Q: How does Cannabis and particularly CBD, affect the feeling of hunger?
A: The THC in cannabis can make you feel hungry, which is known as giving you the "munchies", but CBD doesn't have this effect. Instead, CBD seems to interact with other receptors in the brain that can lead to feelings of calm and relaxation without increasing appetite.
Q: Can taking CBD oil lead to weight gain?
A: There's no evidence that CBD directly leads to weight gain. Some people might experience an increase in appetite when they use CBD, but this isn't a common effect. If you're concerned about weight gain, make sure you're maintaining a balanced diet and taking your dose of CBD as recommended by a healthcare provider.
Q: Does the use of CBD give you the “munchies” like THC does?
A: No, CBD does not give you the "munchies" like THC typically does. THC stimulates appetite while CBD generally has no effect on hunger. Some studies even suggest CBD may act as an appetite suppressant, not a booster.
Q: How can CBD help you lose weight?
A: CBD stimulates genes and proteins that enhance the breakdown and oxidation of fat, increase the number and activity of mitochondria (which increases the body’s ability to burn calories), and decrease the generation of fat cells.
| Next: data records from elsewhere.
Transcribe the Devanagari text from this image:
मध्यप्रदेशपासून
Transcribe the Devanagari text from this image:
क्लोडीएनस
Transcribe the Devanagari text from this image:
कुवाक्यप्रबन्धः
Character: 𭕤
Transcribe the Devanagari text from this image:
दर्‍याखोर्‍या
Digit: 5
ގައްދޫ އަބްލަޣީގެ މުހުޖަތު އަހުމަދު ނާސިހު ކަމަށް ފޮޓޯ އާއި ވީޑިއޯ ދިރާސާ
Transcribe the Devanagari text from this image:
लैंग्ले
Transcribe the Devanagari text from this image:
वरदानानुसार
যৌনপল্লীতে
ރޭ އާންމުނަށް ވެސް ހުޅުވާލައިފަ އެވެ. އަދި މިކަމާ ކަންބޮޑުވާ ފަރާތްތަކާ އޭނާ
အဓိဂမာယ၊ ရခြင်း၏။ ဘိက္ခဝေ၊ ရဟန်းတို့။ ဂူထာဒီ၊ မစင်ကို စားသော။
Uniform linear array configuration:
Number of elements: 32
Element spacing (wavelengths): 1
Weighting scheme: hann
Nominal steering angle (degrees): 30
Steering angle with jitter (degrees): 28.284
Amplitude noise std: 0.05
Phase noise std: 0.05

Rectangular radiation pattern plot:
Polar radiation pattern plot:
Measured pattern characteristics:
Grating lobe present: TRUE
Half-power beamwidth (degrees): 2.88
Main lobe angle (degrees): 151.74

This may affect positively body weight or fat composition by increasing fat burning rate.
Q: Can taking CBD orally affect my appetite?
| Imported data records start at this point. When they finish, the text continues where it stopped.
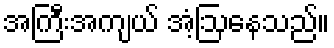
အကြီးအကျယ် အံ့ဩနေသည်။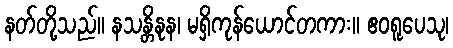
နတ်တို့သည်။ နသန္တိနုန၊ မရှိကုန်ယောင်တကား။ ဧဝရူပေသု၊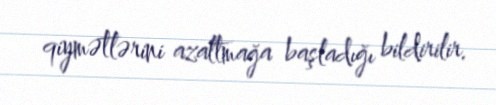
qiymətlərini azaltmağa başladığı bildirilir.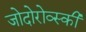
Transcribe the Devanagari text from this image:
जोदोरोव्स्की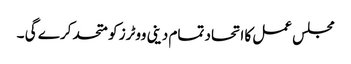
مجلس عمل کا اتحاد تمام دینی ووٹرز کو متحد کر ے گی ۔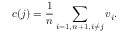
c ( j ) = \frac { 1 } { n } \sum _ { i = 1 , n + 1 , i \neq j } v _ { i } .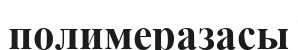
полимеразасы
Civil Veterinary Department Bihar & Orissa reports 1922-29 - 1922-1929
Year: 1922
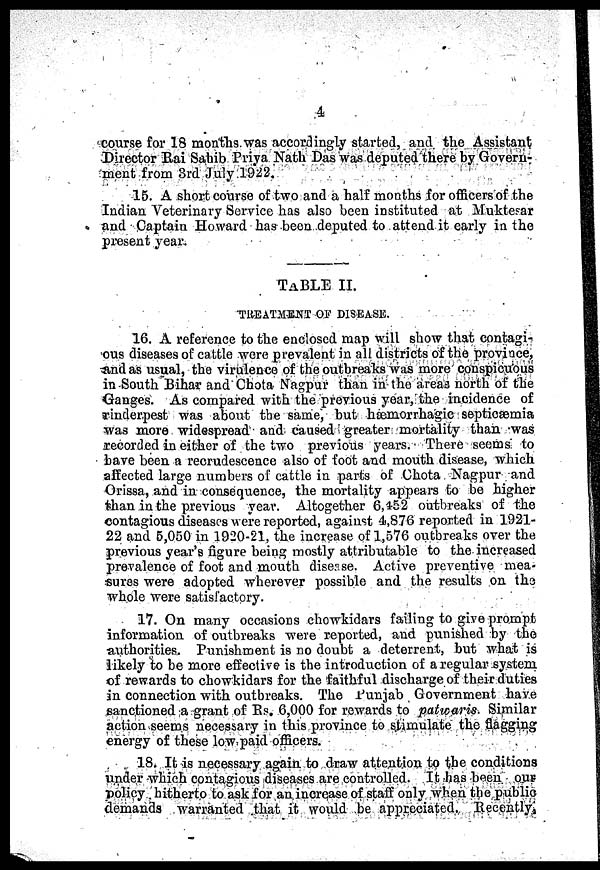
4
course for 18 months was accordingly started, and the Assistant
Director Rai Sahib Priya Nath Das was deputed there by Govern¬
ment from 3rd July 1922.
15. A short course of two and a half months for officers of the
Indian Veterinary Service has also been instituted at Muktear
and Captain Howard has been deputed to attend it early in the
present year.
TABLE II.
TREATMENT OF DISEASE.
16. A reference to the enclosed map will show that contagi-
ous diseases of cattle were prevalent in all districts of the province,
And as usual, the virulence of the outbreaks was more conspicuous
in South Bihar and Chota Nagpur than in the areas north of the
Ganges. As compared with the previous year, the incidence of
rinderpest was about the same, but hæmorrhagic septicæmia
was more widespread and caused greater mortality than was
recorded in either of the two previous years. There seems to
have been a recrudescence also of foot and mouth disease, which
affected large numbers of cattle in parts of Chota Nagpur and
Orissa, and in consequence, the mortality appears to be higher
than in the previous year. Altogether 6,452 outbreaks of the
contagious diseases were reported, against 4,876 reported in 1921-
22 and 5,050 in 1920-21, the increase of 1,576 outbreaks over the
previous year's figure being mostly attributable to the increased
prevalence of foot and mouth disease. Active preventive mea-
sures were adopted wherever possible and the results on the
whole were satisfactory.
17. On many occasions chowkidars failing to give prompt
information of outbreaks were reported, and punished by the
authorities. Punishment is no doubt a deterrent, but what is
likely to be more effective is the introduction of a regular system
of rewards to chowkidars for the faithful discharge of their duties
in connection with outbreaks. The Punjab Government have
sanctioned a grant of Rs. 6,000 for rewards to patwaris. Similar
action seems necessary in this province to stimulate the flagging
energy of these low paid officers.
18. It is necessary again to draw attention to the conditions
under which contagious diseases are controlled. It has been our
policy. hitherto to ask for an increase of staff only when the public
demands warranted that it would be appreciated. Recently.

A: The effects of taking oral CBD instead of vaped can vary from person to person. While some people don't experience any changes in their appetite, others have reported feeling less hungry after consuming CBD. More research is needed to fully understand these effects.
Q: What's the difference between CBD and THC in terms of increasing appetite?
A: The main difference between CBD and THC in terms of increasing appetite is that THC tends to increase appetite, while CBD usually doesn't. THC binds with the CB1 receptors in our brain, which control our appetite and food consumption. On the other hand, CBD does not bind strongly with CB1, thus not leading to increased food consumption.
Q: Can CBD Gummies stimulate my appetite?
A: Although some CBD users experience a change in their appetite with gummies, CBD infused gummies do not typically stimulate appetite in the classic "munchies" way associated with THC. Some individuals might experience a slight increase in hunger, but it tends to be minor.
Seb has been a research scientist for the past two decades and is the founder and owner of My Blissful Pet. Seb grew up with cats and dogs and married his passion for science and animals with My Blissful Pet by wanting to help dogs and cats live healthier lives.